Пак его остановил, сунул железяку под нос, чтоб не возникал. Задумался. Думал он минут шесть с половиной. Потом молвил:
– Не-е, Хреноредьев, в словах этого врага есть доля правды. Первым делом мы его предадим…
– Как ето?! – привстал Хреноредьев.
– …презрению предадим! – пояснил Пак. – Ты его презираешь?
– Презираю, едрена вошь! – твердо произнес Хреноредьев. Как шпиона, врага, лазутчика, диверсанта и оскорбителя честных людей презираю Бубу Чокнутого до глубины своей бездонной души. Все!
– И я его презираю! – сказал Пак. – Значит, с первым делом мы совладали, презрению его предали, верно?
– Верно, – вздохнув, согласился Хреноредьев.
– Конечно, верно, – подытожил сам Буба.
– Теперь нам остается что?
– Что? – переспросил туповатый инвалид.
– Покарать! А потом простить! – разъяснил умный Пак.
– И это дело!
– Только быстрей давайте! – Бубу охватило нетерпение.
– Ладно, щя мы тебя покараем, – Пак почесал голый лоб, поглядел по сторонам. – Ну, Хреноредьев, чего встал? Давай карай!

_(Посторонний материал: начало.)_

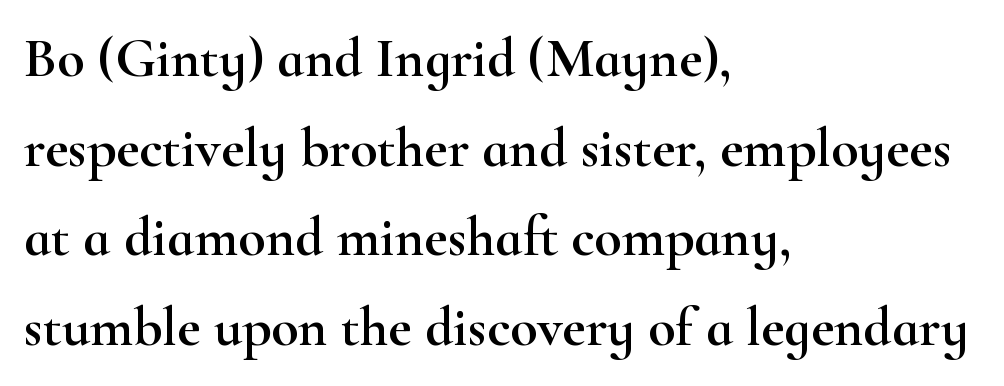
If you measured baseline to baseline, you'd find a middling distance. It's the straight-up-and-down kind of type. Proportional: the letters do not fall into vertical columns. Plain, unruled lines of type. These lines are composed in type with serifs.
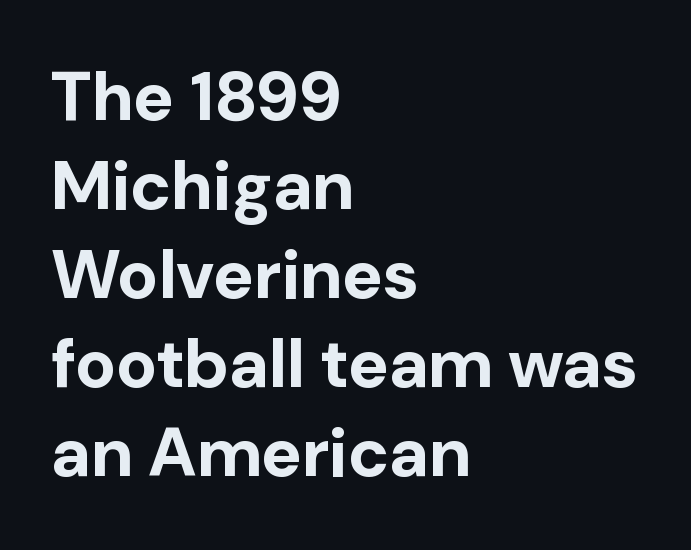
{"serif": "no", "italic": "no", "bold": "yes", "weight": "bold", "width": "normal", "stroke_contrast": "low", "x_height": "medium", "monospaced": "no", "underline": "no", "align": "left", "line_spacing": "normal", "line_spacing_ratio": 1.29, "letter_spacing": "normal", "letter_spacing_em": 0.0, "glyph_px": 69}
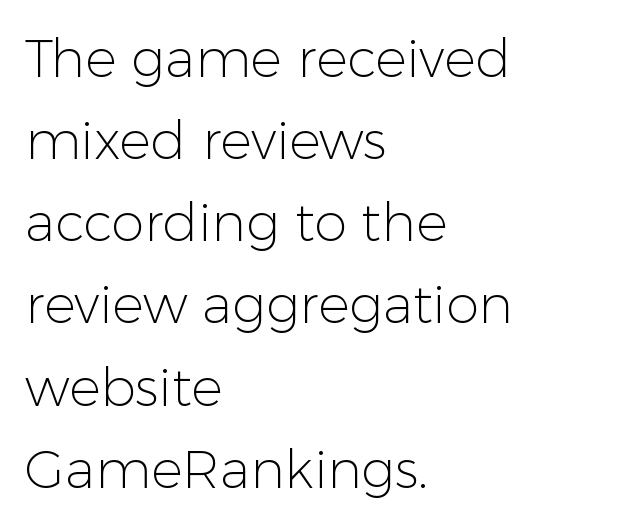
The image shows 53 px light sans-serif type, upright; set left-aligned, normal line spacing (1.55x), normal letter spacing, not underlined; low stroke contrast and a medium x-height.
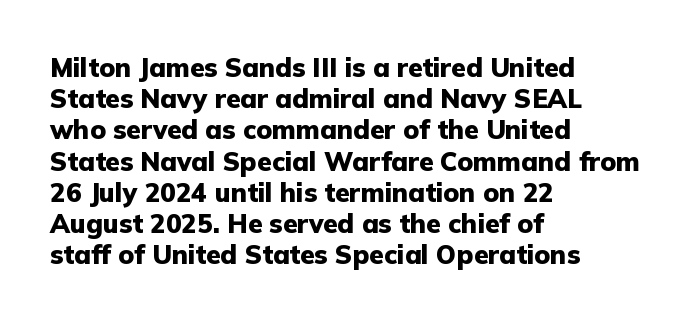
Q: Is the text bold? A: Yes.
Q: Is the text italic (slanted)? A: No, it is upright.
Q: Is the text underlined? A: No.
Q: How is the paragraph aligned? A: Left-aligned.
Q: Is the spacing between letters normal or unusually wide? A: Normal.
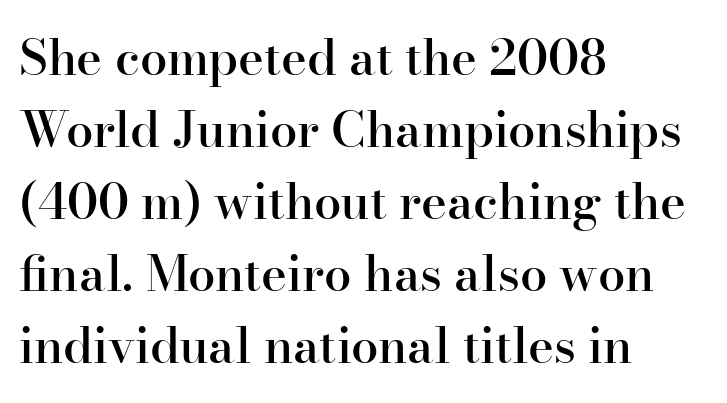
Summary of vertical rhythm: regular, with standard interline spacing. The face used here is proportionally spaced, like ordinary book or web type. A bare baseline throughout the passage. A typesetter would call this zero additional tracking.
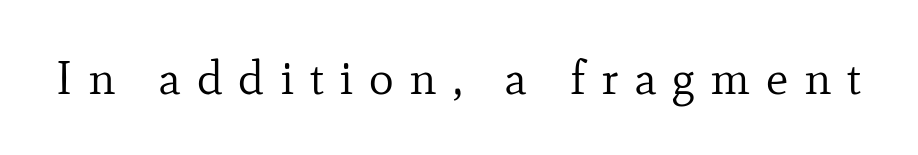
{"serif": "yes", "italic": "no", "bold": "no", "weight": "regular", "width": "normal", "stroke_contrast": "low", "x_height": "small", "monospaced": "no", "underline": "no", "letter_spacing": "wide", "letter_spacing_em": 0.33, "glyph_px": 47}
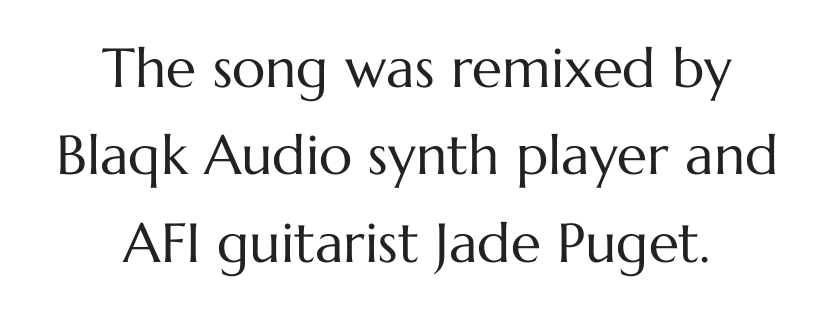
{"italic": "no", "bold": "no", "weight": "regular", "width": "normal", "stroke_contrast": "medium", "x_height": "medium", "monospaced": "no", "underline": "no", "align": "center", "line_spacing": "normal", "line_spacing_ratio": 1.59, "letter_spacing": "normal", "letter_spacing_em": 0.0, "glyph_px": 55}
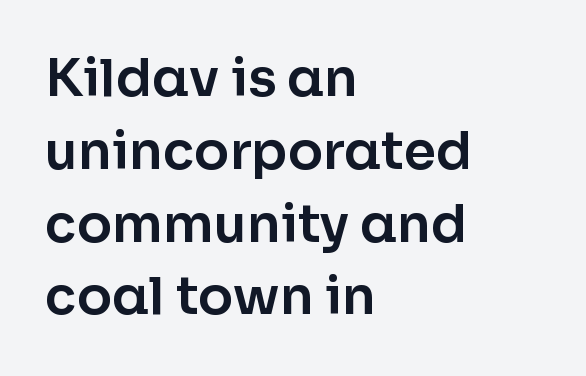
The designer left line spacing at the default. Stroke terminals: plain, sans-serif. This is roman type, the default non-slanted kind. The words here are not underlined. Line starts are locked; line ends wander. A typesetter would call this proportional, since set widths differ per character.
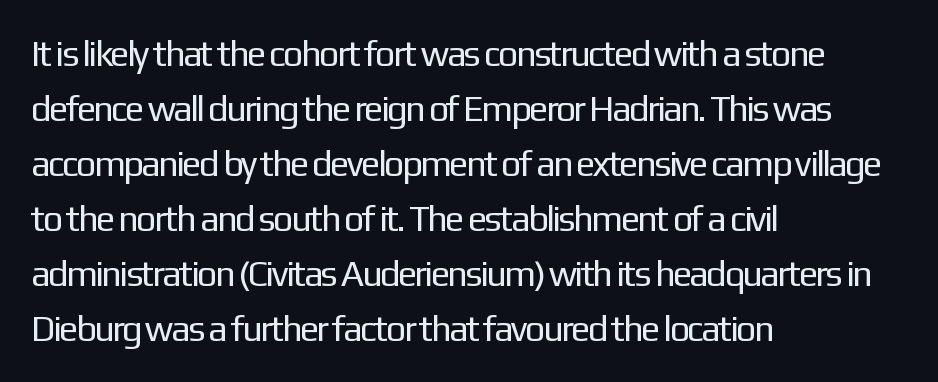
Q: Is the text bold? A: No.
Q: Is the text italic (slanted)? A: No, it is upright.
Q: Is the typeface a serif or a sans-serif typeface? A: Sans-serif.
Q: Is the text underlined? A: No.
Q: How is the paragraph aligned? A: Left-aligned.
Q: Is the spacing between letters normal or unusually wide? A: Normal.
Q: Is the spacing between lines tight, normal or loose? A: Normal.
Q: Width (condensed, normal, or wide)? A: Normal.
Q: Stroke contrast? A: Low.
Q: x-height? A: Medium.
Q: Monospaced? A: No.
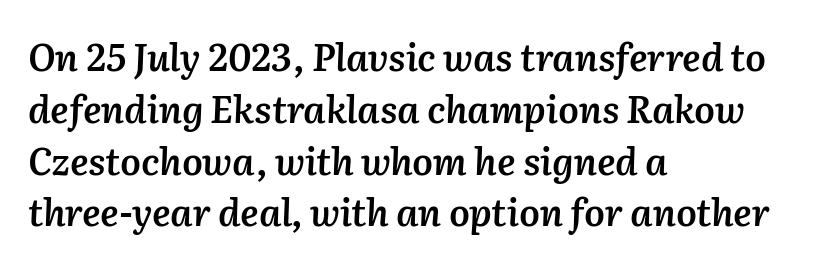
It's the slanting kind of type. What's the leading like? Ordinary, nothing unusual. No extra tracking has been applied to these lines. The glyphs have the mass of a demibold cut, below bold.
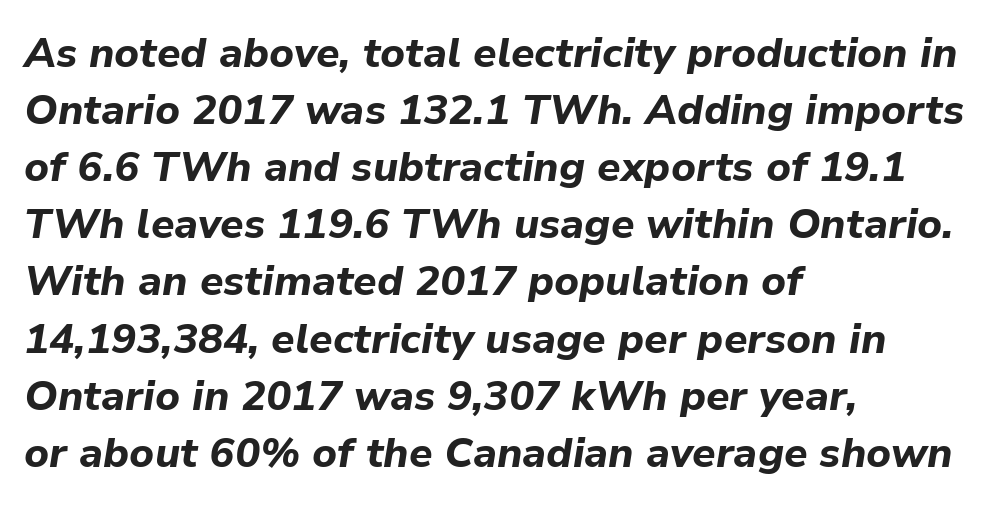
Is the block centered? No — it sits flush against the left margin. Letters rest on an invisible, unmarked baseline. The lettering tilts uniformly, giving the passage an italic look. Note the varied advance widths — an 'i' is clearly narrower than an 'm'. Reading down the column, the eye jumps a familiar distance to each next line. Chunky letters — that's bold for sure.

Хреноредьев понял все так, как, наверное, и следовало понять. Он поднял свою огромную дубину. Размахнулся. И ударил стоящего у дерева Бубу Чокнутого прямо по макушке. Тот лишился чувств, голова его свесилась на грудь, ноги подогнулись.
– Покарали, – произнес Хреноредьев важно, с чувством выполненного долга.

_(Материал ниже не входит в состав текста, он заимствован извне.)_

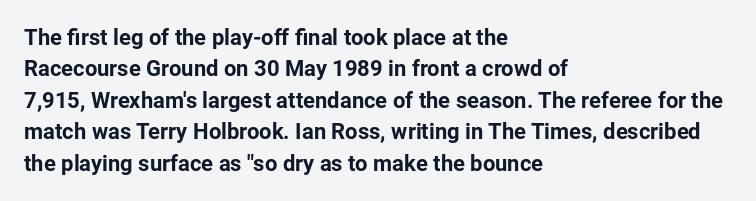
The vertical gap from one line to the next is medium. Bold? Absolutely — the strokes are thick and heavy. Plain, unruled lines of type. The ragged edge is on the right, which tells us the setting is flush left.
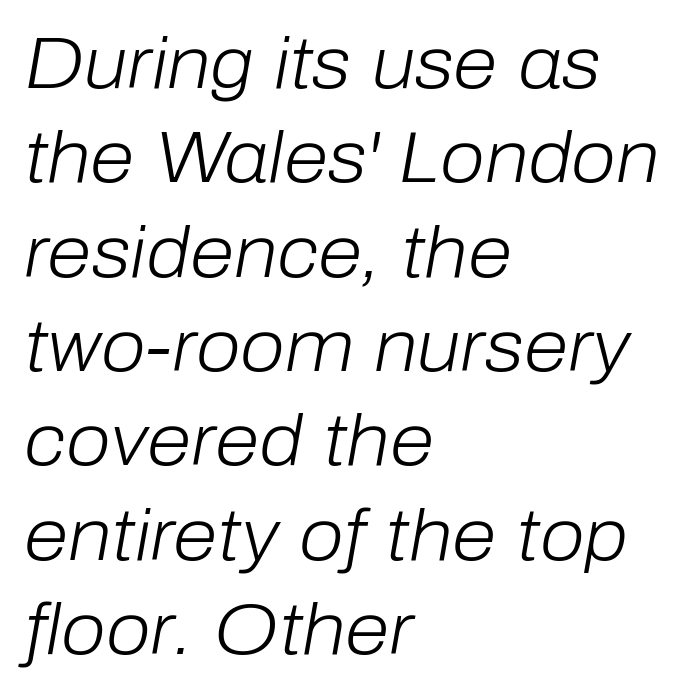
Q: Is the text bold? A: No.
Q: Is the text italic (slanted)? A: Yes, it leans right by about 10 degrees.
Q: Is the text underlined? A: No.
Q: How is the paragraph aligned? A: Left-aligned.
Q: Is the spacing between letters normal or unusually wide? A: Normal.
Q: Is the spacing between lines tight, normal or loose? A: Normal.
Q: Width (condensed, normal, or wide)? A: Normal.
Q: Stroke contrast? A: Low.
Q: x-height? A: Medium.
Q: Monospaced? A: No.
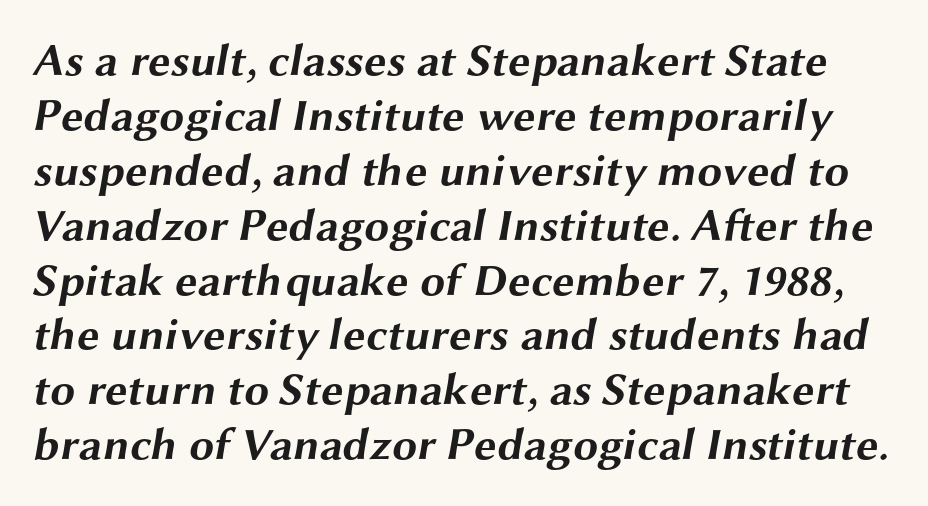
Q: Is the text bold? A: Yes.
Q: Is the typeface a serif or a sans-serif typeface? A: Sans-serif.
Q: Is the text underlined? A: No.
Q: Is the spacing between letters normal or unusually wide? A: Normal.
Q: Width (condensed, normal, or wide)? A: Wide.
Q: Stroke contrast? A: Medium.
Q: x-height? A: Medium.
Q: Monospaced? A: No.
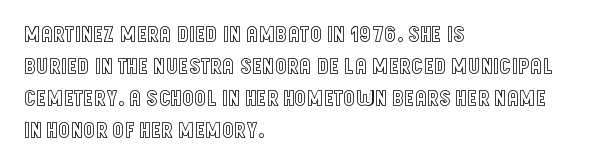
The image shows 23 px text type, upright; set left-aligned, normal line spacing (1.39x), normal letter spacing, not underlined.

– Покарали, – как-то смущенно согласился с ним Пак.
Они смотрели друг на друга.
– Ну, а когда прощать-то станем, едрена-матрена? – задался вопросом Хреноредьев.
Пак снова почесал лоб.
– Погодим немного, – сказал он, все взвесив и разложив по полочкам, – вот прочухается, тогда и поглядим, прощать его или нет.
– Разумное решение, едрит мя по башке! – заключил Хреноредьев. Он был уверен, что Буба не очухается никогда. А если и очухается, так уж точно чокнутым!

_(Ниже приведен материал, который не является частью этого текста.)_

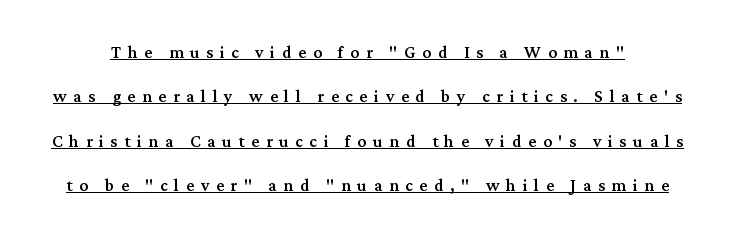
The image shows 22 px text type, upright; set loose line spacing (2.02x), unusually wide letter spacing (+0.3 em), underlined.
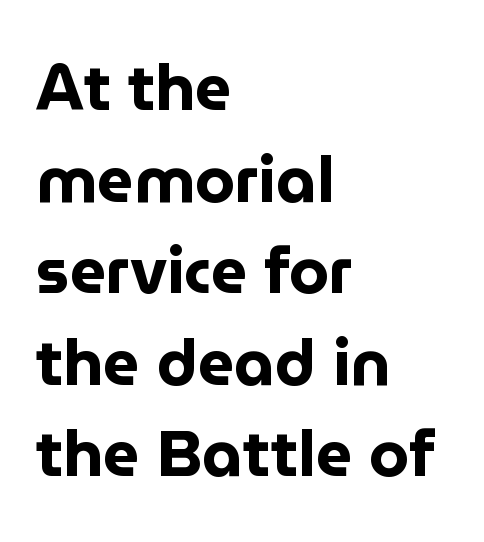
Is there any slant? The stems are plumb. These lines are rendered in a variable-pitch font. In terms of letterform style, serifs are entirely absent. The rendering uses a bold face; every stroke is thick and dark. Horizontally, the lines are justified to the leading edge only. Here the glyphs are tracked normally, forming tight word shapes.
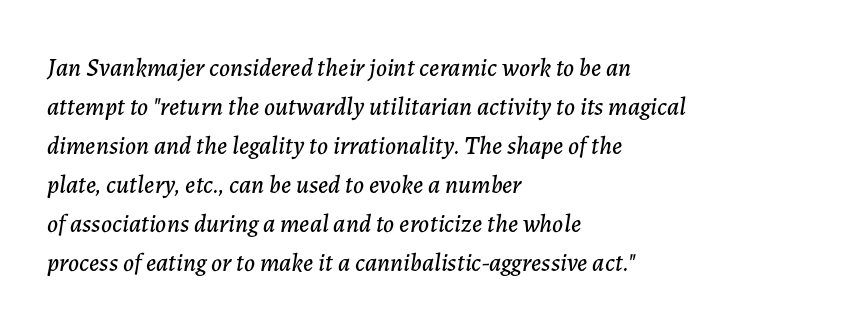
The image shows 25 px text type, italic (leaning right); set left-aligned, normal line spacing (1.56x), normal letter spacing, not underlined.
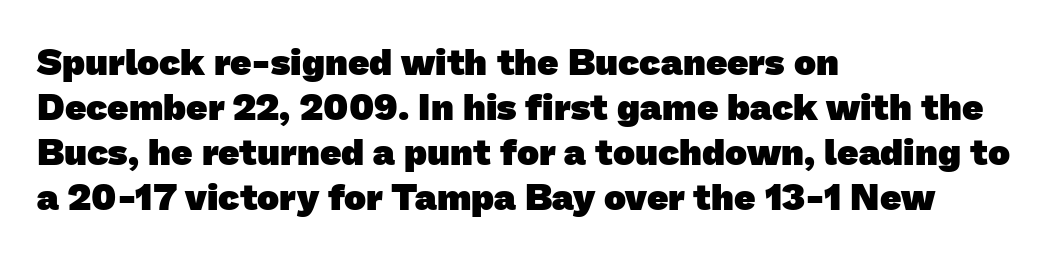
Q: Is the text bold? A: Yes.
Q: Is the typeface a serif or a sans-serif typeface? A: Sans-serif.
Q: Is the text underlined? A: No.
Q: How is the paragraph aligned? A: Left-aligned.
Q: Is the spacing between letters normal or unusually wide? A: Normal.
Q: Width (condensed, normal, or wide)? A: Normal.
Q: Stroke contrast? A: Low.
Q: x-height? A: Medium.
Q: Monospaced? A: No.
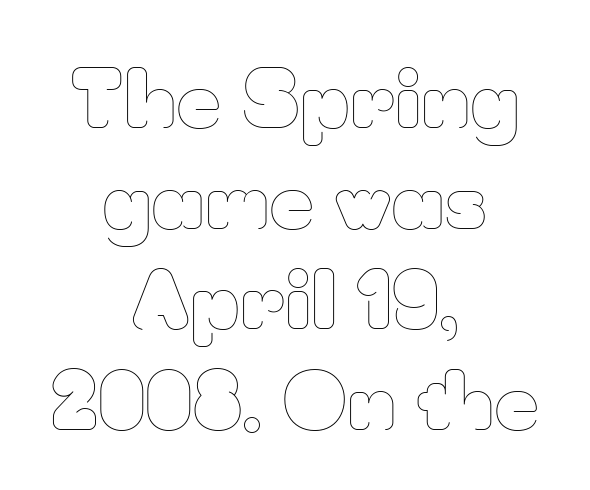
The image shows 78 px thin type, upright; set centered, normal line spacing (1.29x), normal letter spacing, not underlined; low stroke contrast and a small x-height.

– И все же мы с тобой, хрен старый, поспешили! – сорвался вдруг Пак. – Такого общественника обидели. Ну и что, что он враг и лазутчик, старая ты хреноредина, зато душа-то какая была?!
Хреноредьев выпучил рачьи глаза и набросился на Пака с кулаками. Но не успел первый удар обрушиться на выпуклую Пакову грудь, как Хреноредьев вдруг замер, позеленел, схватился за сердце. И шмякнулся как подкошенный на траву.
– Ты чего? – заволновался Пак.
– Помираю, – синюшными губами простонал Хреноредьев. – От незаслуженных обид и оскорблений помираю, едрена…
Пак видел, что трехногий инвалид не шутит, что дела его плохи. Но ему до того надоела вся эта бестолковая возня и суета, из которой складывалась его непутевая жизнь, что он вместо того, чтоб оказать хоть какую-то помощь, отвернулся, плюнул под ноги. И пошел резким, все убыстряющимся шагом к той самой далекой лужайке, на которой резвились туристы – мужчины, женщины, дети. На ходу он встряхнул железяку, выставил ее стволом вперед. Бить! Всех подряд бить! Убивать! Одного за другим! Без жалости и пощады! Как мокриц поганых! Как слизней!